Dubai, UAE: Diabetic foot ulcers are the most common cause of lower limb amputation in the Middle East, as well as across the globe. Experts at the upcoming Arab Health Wound Care Conference in January highlight this hidden danger of the diabetic epidemic and urge patients in the Middle East to take responsibility for the management of their diabetes. Worldwide statistics suggest that up to 25% of those with diabetes will develop a foot ulcer and more than half of all foot ulcers will become infected, requiring hospitalization and 1 in 5 will require an amputation.
“Amputation prevention needs to start with education at the Primary Healthcare level,” says Jan-Marie Morgan, Practice Development Nurse – Surgery, Rashid Hospital, Dubai, and Chair of the Middle East Wound Care Conference taking place on 23 January 2012 at the Arab Health Exhibition & Congress in Dubai. “When patients are diagnosed with diabetes, they have a responsibility to learn as much as they can about preventing the complications of uncontrolled blood sugar, such as blindness, kidney failure and amputation. We, as health care professionals, also have a responsibility to offer all the education that is required for a person with Diabetes to live a long and happy life.”

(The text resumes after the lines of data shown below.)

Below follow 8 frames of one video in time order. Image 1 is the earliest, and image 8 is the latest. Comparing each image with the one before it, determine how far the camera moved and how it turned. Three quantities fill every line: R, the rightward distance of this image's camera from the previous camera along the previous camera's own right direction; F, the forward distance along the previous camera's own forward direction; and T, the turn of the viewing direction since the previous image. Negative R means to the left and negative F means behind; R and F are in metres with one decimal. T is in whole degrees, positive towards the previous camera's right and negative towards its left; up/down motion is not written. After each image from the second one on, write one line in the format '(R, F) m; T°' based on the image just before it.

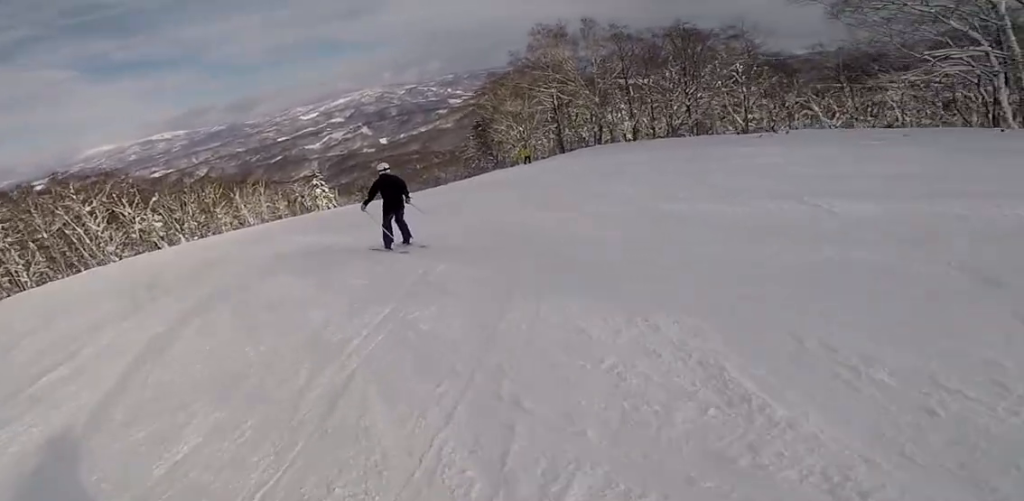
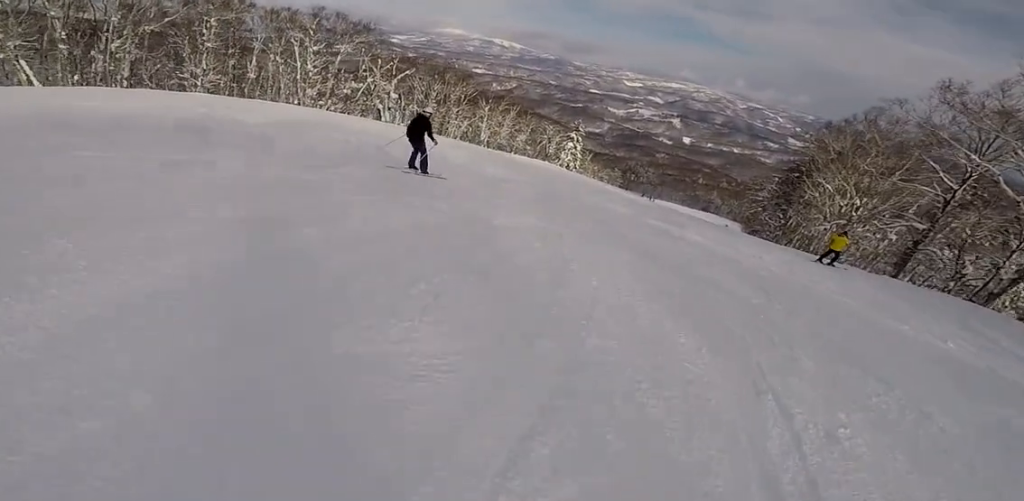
(+2.2, +16.9) m; -10°
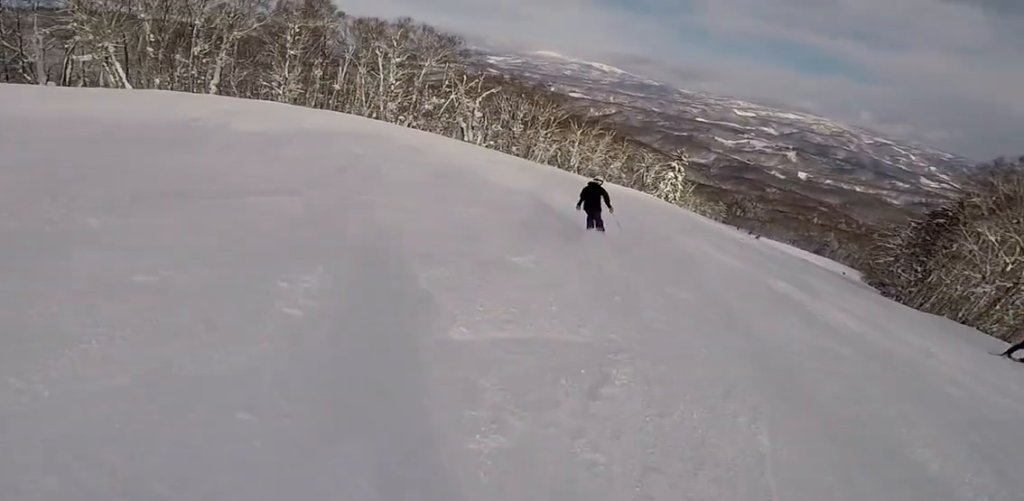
(-1.3, +4.2) m; -12°
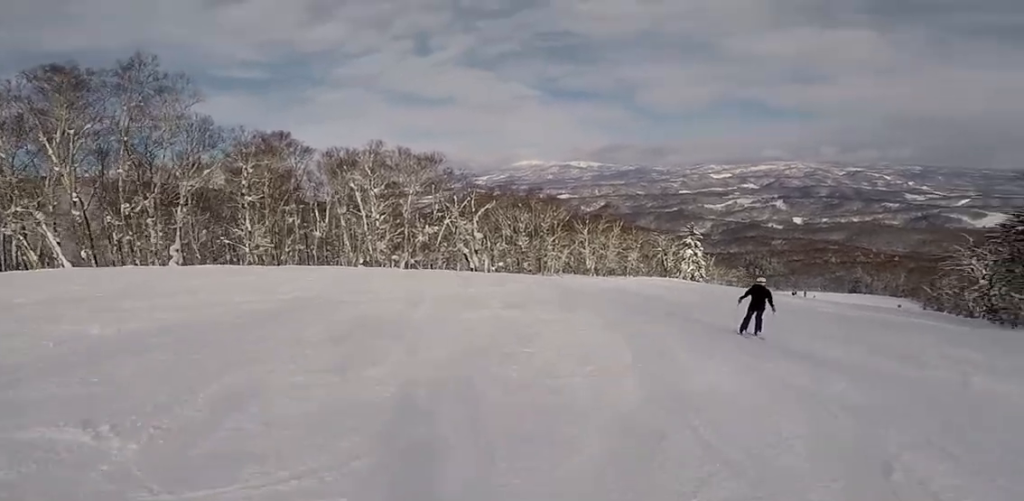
(-0.8, +10.1) m; -2°
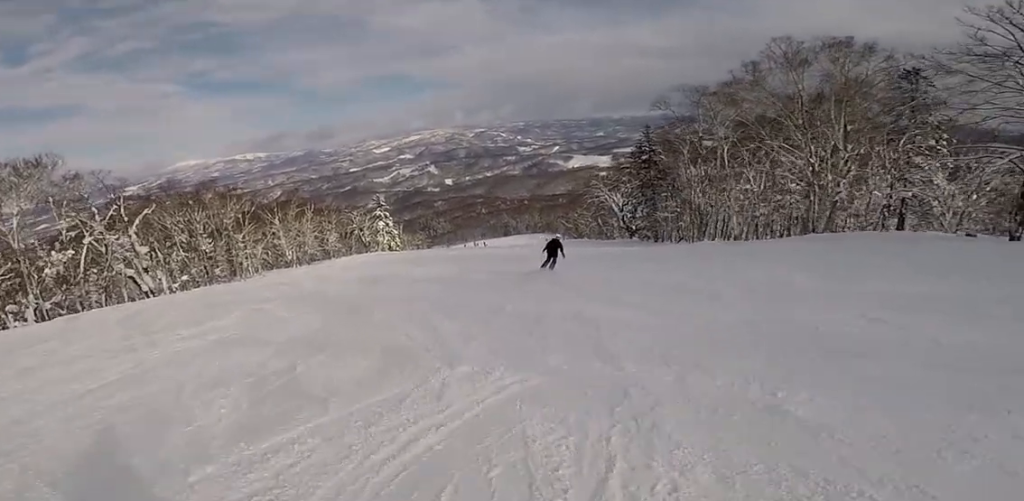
(+0.8, +8.8) m; +18°
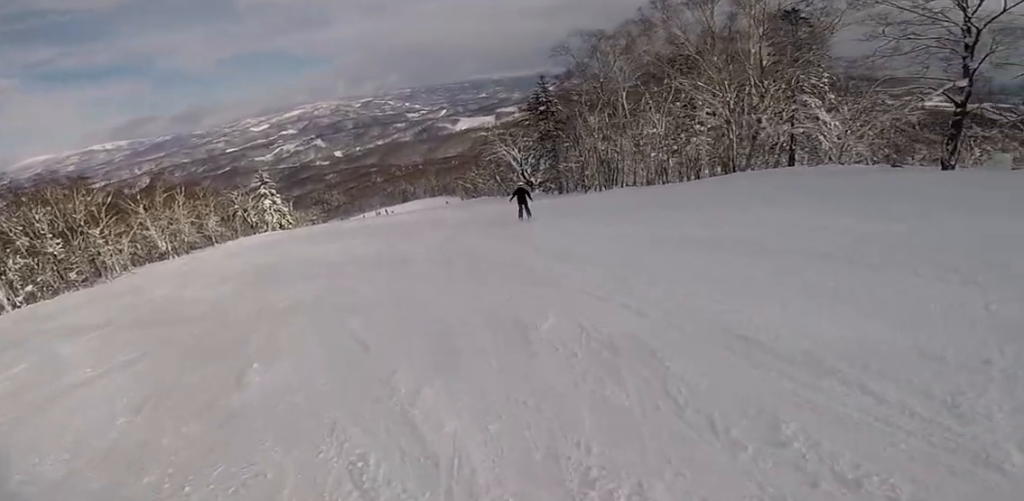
(+0.5, +5.0) m; +14°
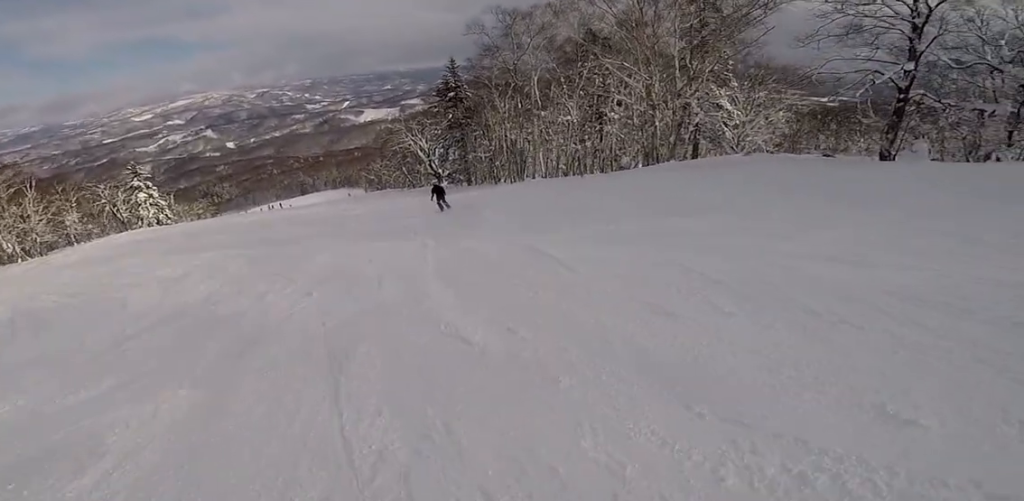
(+0.9, +5.1) m; +10°
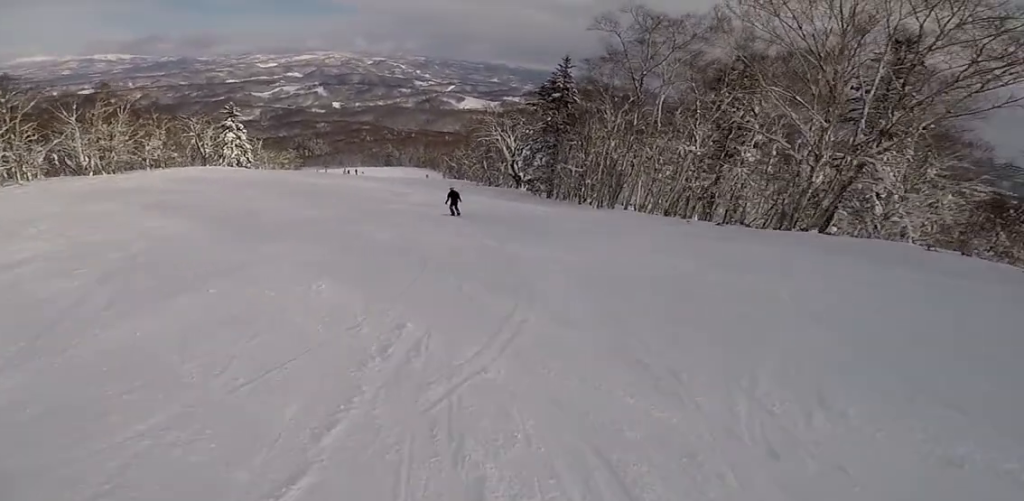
(+0.1, +5.6) m; -9°

“I would love to be in the prevention business, but instead we are often trying to fix serious problems that were totally preventable from the beginning. People in the UAE are admitted to the hospital with severe foot infections or gangrene, and by that point it is often too late to help them,” she adds. According to the Southern Arizona Limb Salvage Alliance or SALSA, USA, poorly controlled diabetes frequently results in nerve damage and poor circulation to the legs and feet. Patients gradually lose their ability to sense foot pain or symptoms of injury. This loss of protective sensation makes it easy for blisters, cuts, and sores to go unnoticed, leading to infection, foot ulcers, reduced mobility, and often major amputation.

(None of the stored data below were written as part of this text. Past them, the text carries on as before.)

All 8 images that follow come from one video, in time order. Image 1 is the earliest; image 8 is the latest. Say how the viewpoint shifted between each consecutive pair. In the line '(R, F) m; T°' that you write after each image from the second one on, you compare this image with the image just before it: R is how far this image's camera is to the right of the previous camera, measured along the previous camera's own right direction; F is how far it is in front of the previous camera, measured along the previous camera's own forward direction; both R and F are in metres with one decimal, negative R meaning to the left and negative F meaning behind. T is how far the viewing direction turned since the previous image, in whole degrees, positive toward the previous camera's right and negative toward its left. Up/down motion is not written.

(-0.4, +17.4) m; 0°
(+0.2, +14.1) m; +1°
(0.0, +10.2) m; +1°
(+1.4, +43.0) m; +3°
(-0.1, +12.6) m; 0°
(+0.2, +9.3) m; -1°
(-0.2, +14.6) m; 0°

“Diabetic foot care is not only a major issue for diabetic patients, but it may also pose a massive burden on our healthcare system,” says Ms. Morgan. “At the Middle East Wound Care Conference, we will be discussing the economic sense of good wound care management, as well as topics such as nutrition, education and best practice in wound care.” More than 70,000 medical and healthcare professionals are expected to descend on the Dubai International Convention and Exhibition Centre in January for the 37th Arab Health Exhibition and Congress. At the Arab Health Congress, around 6,000 delegates are attending 17 leading continuing medical education (CME) accredited conference streams. The event will be offering the equivalent of 40 days of continuing medical education, ensuring that patients in the Middle East are receiving world class medical care and diagnosis.